Set to debut downtown tomorrow and run through June 28, the new exhibition is comprised of two parts: the opening section, “We Are New York!,” is an immersive visual showcase that “uplifts the experiences of diverse New Yorkers,” according to an official press release, basically encouraging attendees to think about shared connections within communities that live side by side but might appear to have not much in common at first glance.
The second part of the exhibit is called “Voices Against Hate: Lessons from the Holocaust” and it uses advanced technology to allow visitors to engage in life-like conversations with two real Holocaust survivors: Anita Lasker-Wallfisch, a German-British cellist and a surviving member of the Women’s Orchestra of Auschwitz, and Alan Moskin, a World War II veteran who was drafted into the U.S. Army when he was 18 years old and participated in the liberation of the Gunskirchen concentration camp in May of 1945.
The decision to start off the exhibit with material not directly related to the Holocaust was a deliberate one meant to showcase the humanity of the victims of the massacre. “Because visitors first encounter one another as layered human beings, they can meet Anita and Alan not only as survivor and a liberator, but as individuals,” reads the official release.

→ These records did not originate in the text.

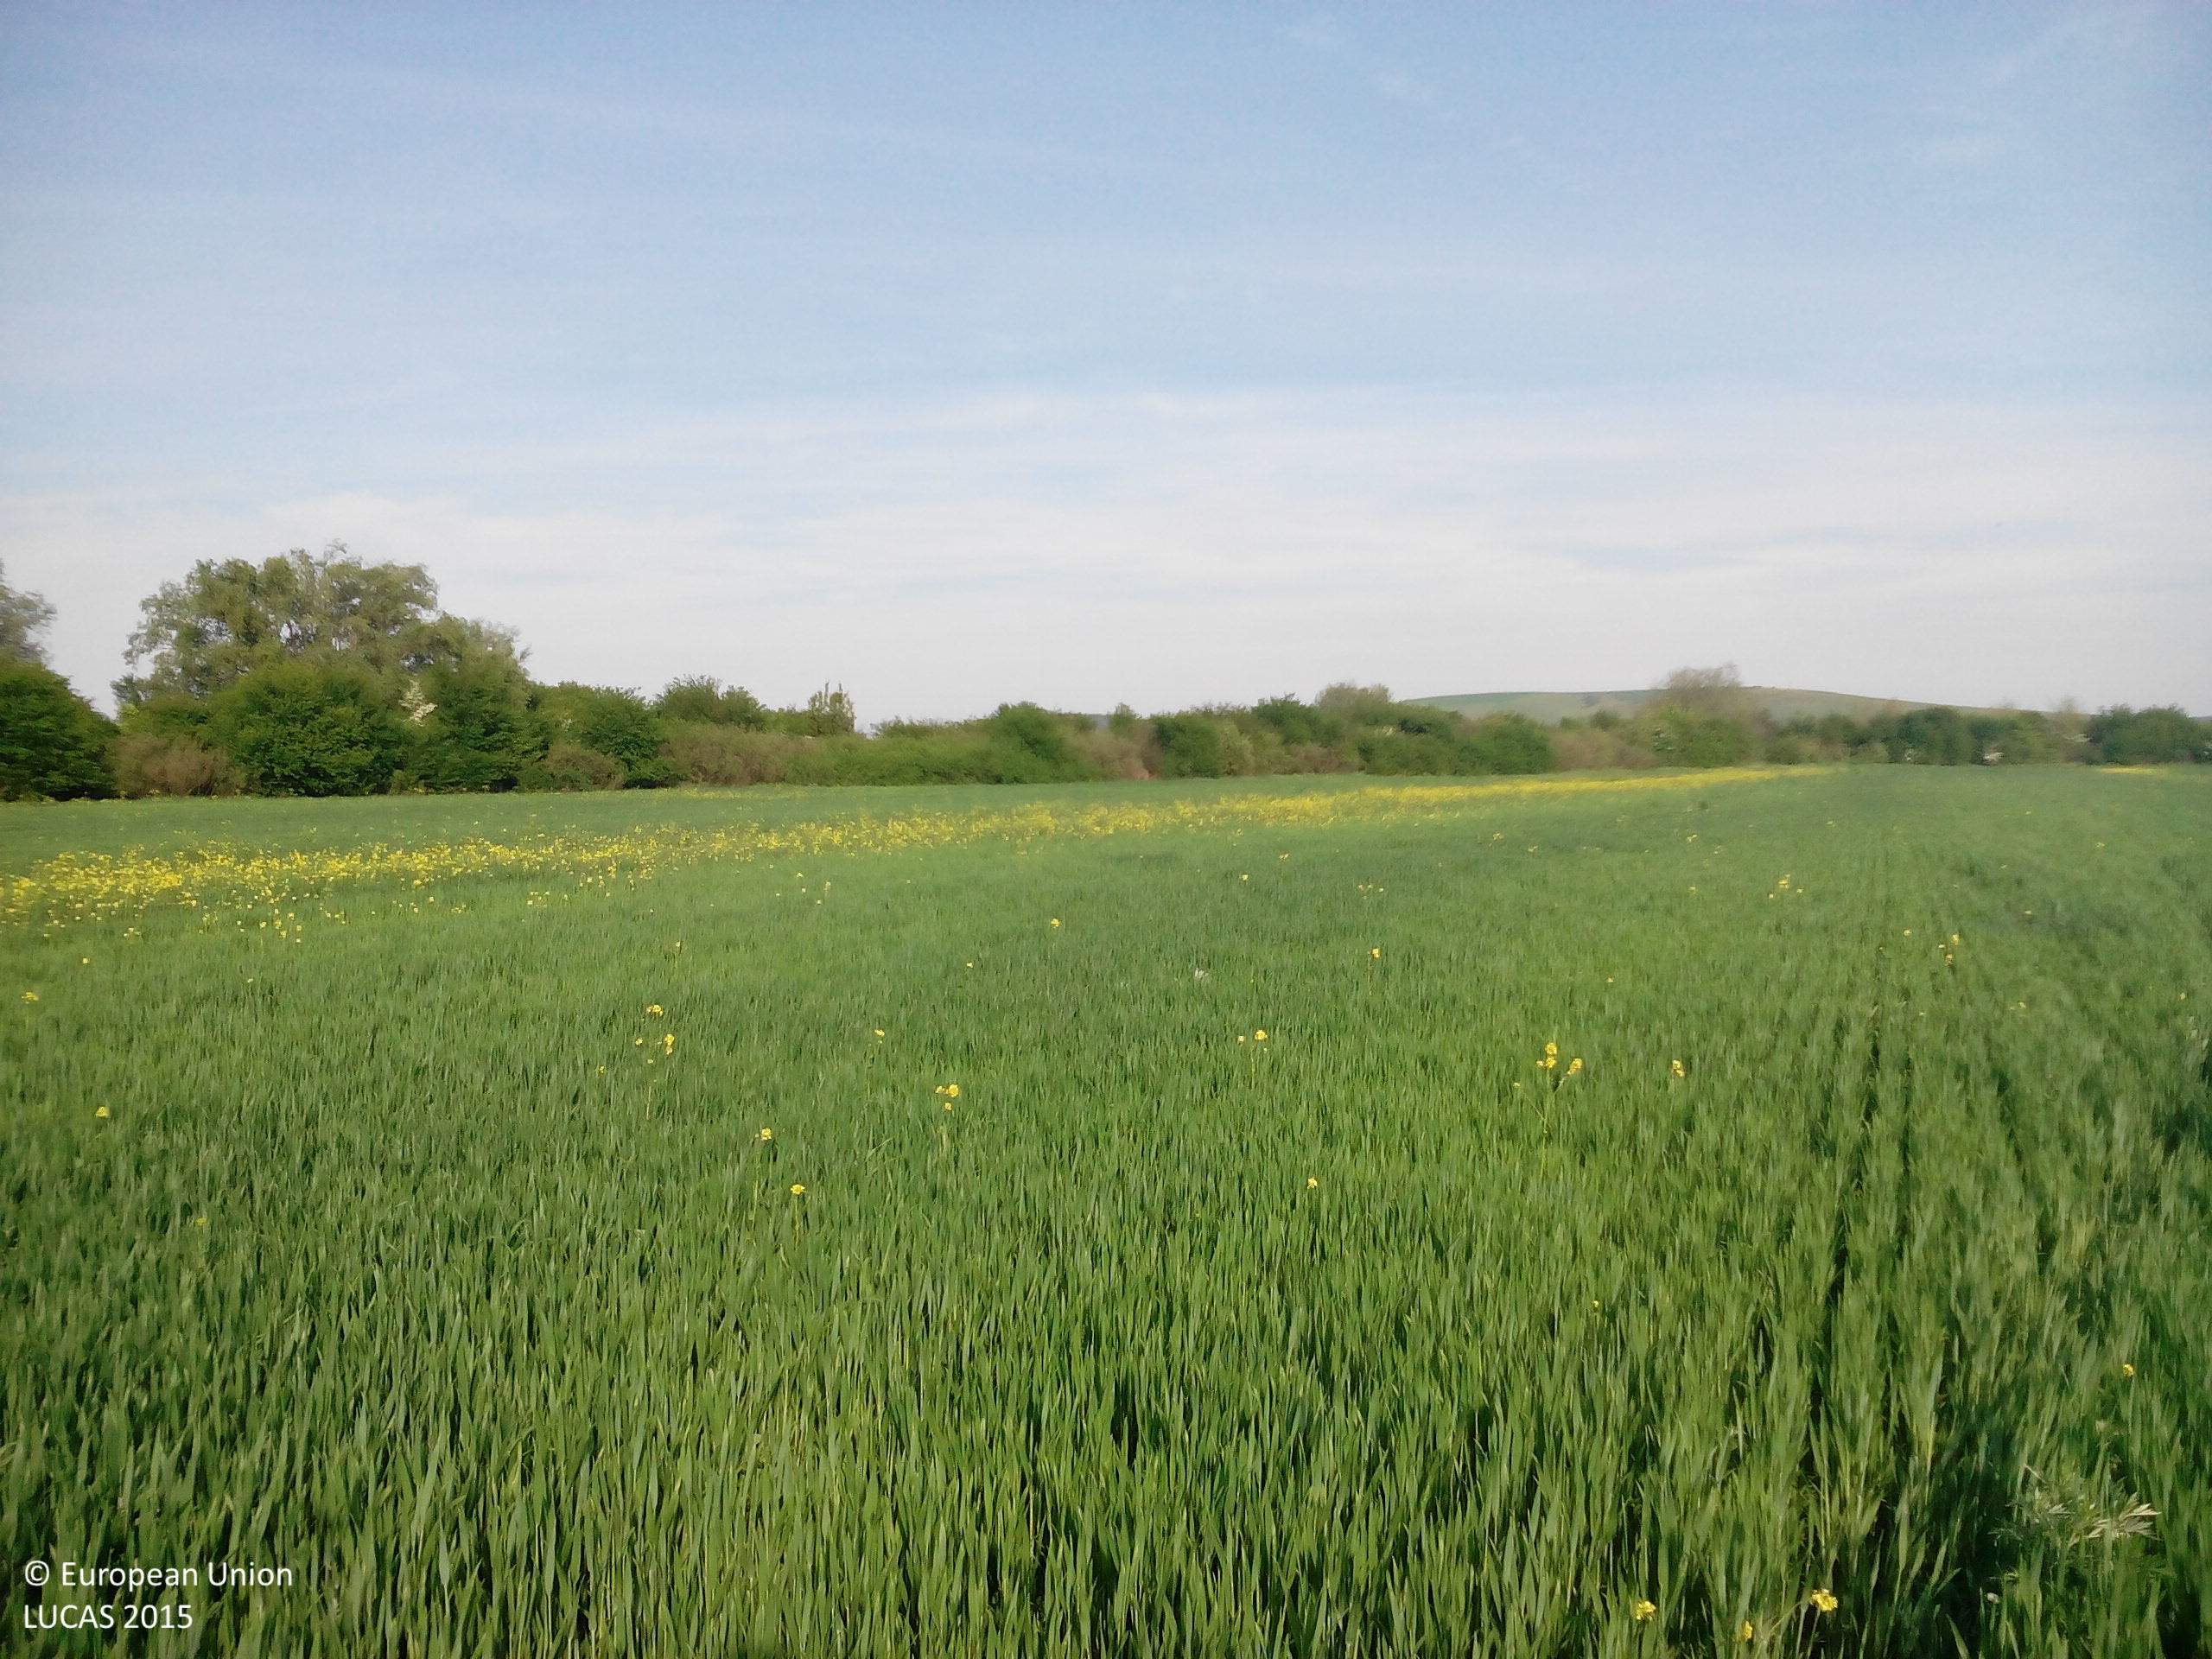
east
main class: Cropland
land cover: Common wheat
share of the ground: > 75 %
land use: Agriculture (excluding fallow land and kitchen gardens)
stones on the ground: < 10 %
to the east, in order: Common wheat; Broadleaved woodland; Ditches and canals; Broadleaved woodland; Grass margins; Sunflower; Tracks; Grass margins
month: May
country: BG
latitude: 43.7458
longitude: 23.8489

Statistics about the alarming gaps in Holocaust knowledge among younger generations, paired with independent third-party research cited by the museum showing “statistically significant gains in knowledge, empathy and perspective taking among students who experienced the exhibition,” make the program feel less like a visit and more like a necessary intervention. In a moment when history is both increasingly accessible and dangerously misunderstood, the exhibit lands with a particular urgency, underscoring that it is not just about what we remember but how we carry it forward.